:: RECORDED DATA ::

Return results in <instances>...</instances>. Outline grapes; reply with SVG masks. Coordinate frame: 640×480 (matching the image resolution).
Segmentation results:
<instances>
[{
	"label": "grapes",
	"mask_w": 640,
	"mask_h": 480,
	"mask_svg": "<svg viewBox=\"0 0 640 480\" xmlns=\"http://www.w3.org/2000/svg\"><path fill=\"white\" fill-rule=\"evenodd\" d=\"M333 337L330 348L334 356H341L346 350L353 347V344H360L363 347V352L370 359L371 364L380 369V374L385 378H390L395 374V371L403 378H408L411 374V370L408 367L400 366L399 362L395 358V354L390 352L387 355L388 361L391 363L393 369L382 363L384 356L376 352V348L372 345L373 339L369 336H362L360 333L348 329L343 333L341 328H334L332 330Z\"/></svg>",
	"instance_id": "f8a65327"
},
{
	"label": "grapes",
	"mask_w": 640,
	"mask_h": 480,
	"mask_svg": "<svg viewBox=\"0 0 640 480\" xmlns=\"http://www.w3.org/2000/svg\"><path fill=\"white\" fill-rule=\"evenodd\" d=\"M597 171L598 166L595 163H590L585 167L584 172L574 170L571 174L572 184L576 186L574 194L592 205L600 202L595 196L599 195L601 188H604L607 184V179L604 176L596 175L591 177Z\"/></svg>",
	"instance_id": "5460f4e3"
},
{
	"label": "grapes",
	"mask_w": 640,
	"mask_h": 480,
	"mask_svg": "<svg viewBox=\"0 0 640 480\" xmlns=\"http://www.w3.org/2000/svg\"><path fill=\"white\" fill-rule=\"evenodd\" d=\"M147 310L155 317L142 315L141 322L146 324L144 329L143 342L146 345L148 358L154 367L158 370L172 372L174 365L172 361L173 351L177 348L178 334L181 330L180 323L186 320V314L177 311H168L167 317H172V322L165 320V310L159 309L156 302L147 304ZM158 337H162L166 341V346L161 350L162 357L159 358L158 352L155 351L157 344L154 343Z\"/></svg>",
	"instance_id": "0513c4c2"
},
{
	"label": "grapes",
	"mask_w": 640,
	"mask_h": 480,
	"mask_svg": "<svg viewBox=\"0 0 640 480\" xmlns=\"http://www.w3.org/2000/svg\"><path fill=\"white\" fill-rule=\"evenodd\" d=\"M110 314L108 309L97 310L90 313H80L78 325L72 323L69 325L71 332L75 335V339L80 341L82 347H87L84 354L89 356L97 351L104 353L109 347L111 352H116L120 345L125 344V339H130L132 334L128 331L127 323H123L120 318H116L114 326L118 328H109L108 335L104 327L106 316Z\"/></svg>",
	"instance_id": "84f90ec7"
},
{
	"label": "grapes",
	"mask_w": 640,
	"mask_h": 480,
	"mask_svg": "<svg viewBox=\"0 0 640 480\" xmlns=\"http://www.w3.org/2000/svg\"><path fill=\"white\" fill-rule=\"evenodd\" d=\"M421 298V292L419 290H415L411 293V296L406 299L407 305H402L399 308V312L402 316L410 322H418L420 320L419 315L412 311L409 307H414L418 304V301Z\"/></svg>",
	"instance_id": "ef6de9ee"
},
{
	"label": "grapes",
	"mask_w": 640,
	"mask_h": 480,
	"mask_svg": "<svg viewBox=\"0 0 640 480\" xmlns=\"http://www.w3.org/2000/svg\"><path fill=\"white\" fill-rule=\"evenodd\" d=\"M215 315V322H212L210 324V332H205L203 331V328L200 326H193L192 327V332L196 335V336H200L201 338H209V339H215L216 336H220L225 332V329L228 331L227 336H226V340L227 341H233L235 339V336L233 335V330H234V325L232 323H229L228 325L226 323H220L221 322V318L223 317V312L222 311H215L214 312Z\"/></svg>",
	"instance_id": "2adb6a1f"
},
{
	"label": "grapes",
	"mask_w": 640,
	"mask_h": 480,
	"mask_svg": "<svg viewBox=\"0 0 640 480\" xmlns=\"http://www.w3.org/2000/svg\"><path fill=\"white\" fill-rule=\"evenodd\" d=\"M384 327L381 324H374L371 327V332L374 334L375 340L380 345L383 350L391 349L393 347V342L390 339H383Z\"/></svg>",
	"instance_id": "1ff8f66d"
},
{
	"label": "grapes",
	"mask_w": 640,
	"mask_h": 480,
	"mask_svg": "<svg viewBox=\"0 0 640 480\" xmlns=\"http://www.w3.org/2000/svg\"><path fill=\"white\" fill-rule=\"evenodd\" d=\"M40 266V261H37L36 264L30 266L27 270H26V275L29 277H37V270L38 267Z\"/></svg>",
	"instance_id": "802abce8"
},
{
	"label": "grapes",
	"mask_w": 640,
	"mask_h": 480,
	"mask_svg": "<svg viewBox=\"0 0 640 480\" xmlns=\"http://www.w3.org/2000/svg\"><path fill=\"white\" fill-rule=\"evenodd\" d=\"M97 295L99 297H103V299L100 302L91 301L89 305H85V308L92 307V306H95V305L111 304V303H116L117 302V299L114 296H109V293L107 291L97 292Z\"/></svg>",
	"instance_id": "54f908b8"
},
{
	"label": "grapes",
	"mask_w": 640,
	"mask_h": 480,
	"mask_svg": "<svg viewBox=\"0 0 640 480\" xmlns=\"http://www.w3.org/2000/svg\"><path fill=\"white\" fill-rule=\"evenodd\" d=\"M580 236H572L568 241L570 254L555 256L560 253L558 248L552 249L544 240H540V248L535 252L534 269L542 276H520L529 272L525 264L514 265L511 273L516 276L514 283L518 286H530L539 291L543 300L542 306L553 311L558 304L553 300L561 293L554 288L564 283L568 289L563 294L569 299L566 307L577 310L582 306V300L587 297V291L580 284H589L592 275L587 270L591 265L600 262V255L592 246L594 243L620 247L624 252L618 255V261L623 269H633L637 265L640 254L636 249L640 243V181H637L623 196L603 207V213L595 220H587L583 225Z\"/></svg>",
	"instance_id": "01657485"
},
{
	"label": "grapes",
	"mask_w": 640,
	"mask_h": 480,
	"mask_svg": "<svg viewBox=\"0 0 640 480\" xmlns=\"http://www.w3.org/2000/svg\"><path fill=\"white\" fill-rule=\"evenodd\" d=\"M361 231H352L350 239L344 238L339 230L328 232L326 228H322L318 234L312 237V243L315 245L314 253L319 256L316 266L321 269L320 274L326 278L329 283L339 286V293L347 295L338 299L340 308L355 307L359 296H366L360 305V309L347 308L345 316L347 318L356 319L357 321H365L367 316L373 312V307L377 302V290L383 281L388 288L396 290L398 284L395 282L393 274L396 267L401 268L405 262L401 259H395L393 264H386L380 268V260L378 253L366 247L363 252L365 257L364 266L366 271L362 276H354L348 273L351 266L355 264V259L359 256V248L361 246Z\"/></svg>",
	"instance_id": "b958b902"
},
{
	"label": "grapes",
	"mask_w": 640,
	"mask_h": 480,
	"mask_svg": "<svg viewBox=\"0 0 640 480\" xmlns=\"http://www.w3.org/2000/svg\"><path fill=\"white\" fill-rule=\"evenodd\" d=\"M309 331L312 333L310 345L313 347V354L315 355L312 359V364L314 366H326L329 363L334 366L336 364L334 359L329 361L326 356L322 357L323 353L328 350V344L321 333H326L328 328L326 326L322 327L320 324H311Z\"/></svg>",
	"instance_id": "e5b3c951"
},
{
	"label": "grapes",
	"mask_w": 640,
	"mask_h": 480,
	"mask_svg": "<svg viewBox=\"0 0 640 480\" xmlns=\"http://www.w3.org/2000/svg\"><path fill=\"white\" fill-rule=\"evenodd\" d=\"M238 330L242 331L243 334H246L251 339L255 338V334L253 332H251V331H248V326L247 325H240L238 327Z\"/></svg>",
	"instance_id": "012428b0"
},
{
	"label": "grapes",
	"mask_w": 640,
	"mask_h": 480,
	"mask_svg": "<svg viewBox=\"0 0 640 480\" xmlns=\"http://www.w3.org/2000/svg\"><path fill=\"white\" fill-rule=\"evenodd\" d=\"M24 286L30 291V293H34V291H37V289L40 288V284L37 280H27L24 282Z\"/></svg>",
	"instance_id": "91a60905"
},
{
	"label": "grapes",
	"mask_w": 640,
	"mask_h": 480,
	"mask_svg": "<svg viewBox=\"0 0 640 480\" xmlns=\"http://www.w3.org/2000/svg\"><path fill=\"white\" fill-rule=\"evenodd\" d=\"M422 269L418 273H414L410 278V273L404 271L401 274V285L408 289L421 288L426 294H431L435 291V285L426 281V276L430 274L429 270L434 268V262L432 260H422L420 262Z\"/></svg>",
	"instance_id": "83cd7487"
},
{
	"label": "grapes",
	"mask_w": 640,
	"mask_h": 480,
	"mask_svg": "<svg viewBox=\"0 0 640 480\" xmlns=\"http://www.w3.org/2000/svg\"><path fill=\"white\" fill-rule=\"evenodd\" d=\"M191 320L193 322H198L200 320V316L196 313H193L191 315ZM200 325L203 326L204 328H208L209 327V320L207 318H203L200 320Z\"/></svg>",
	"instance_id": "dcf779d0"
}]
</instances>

:::

→ WHAT YOU ARE ASKED TO DO:
All lines with the string "instances" must be copied from the data.

→ YOUR RESPONSE:
Return results in <instances>...</instances>. Outline grapes; reply with SVG masks. Coordinate frame: 640×480 (matching the image resolution).
<instances>
</instances>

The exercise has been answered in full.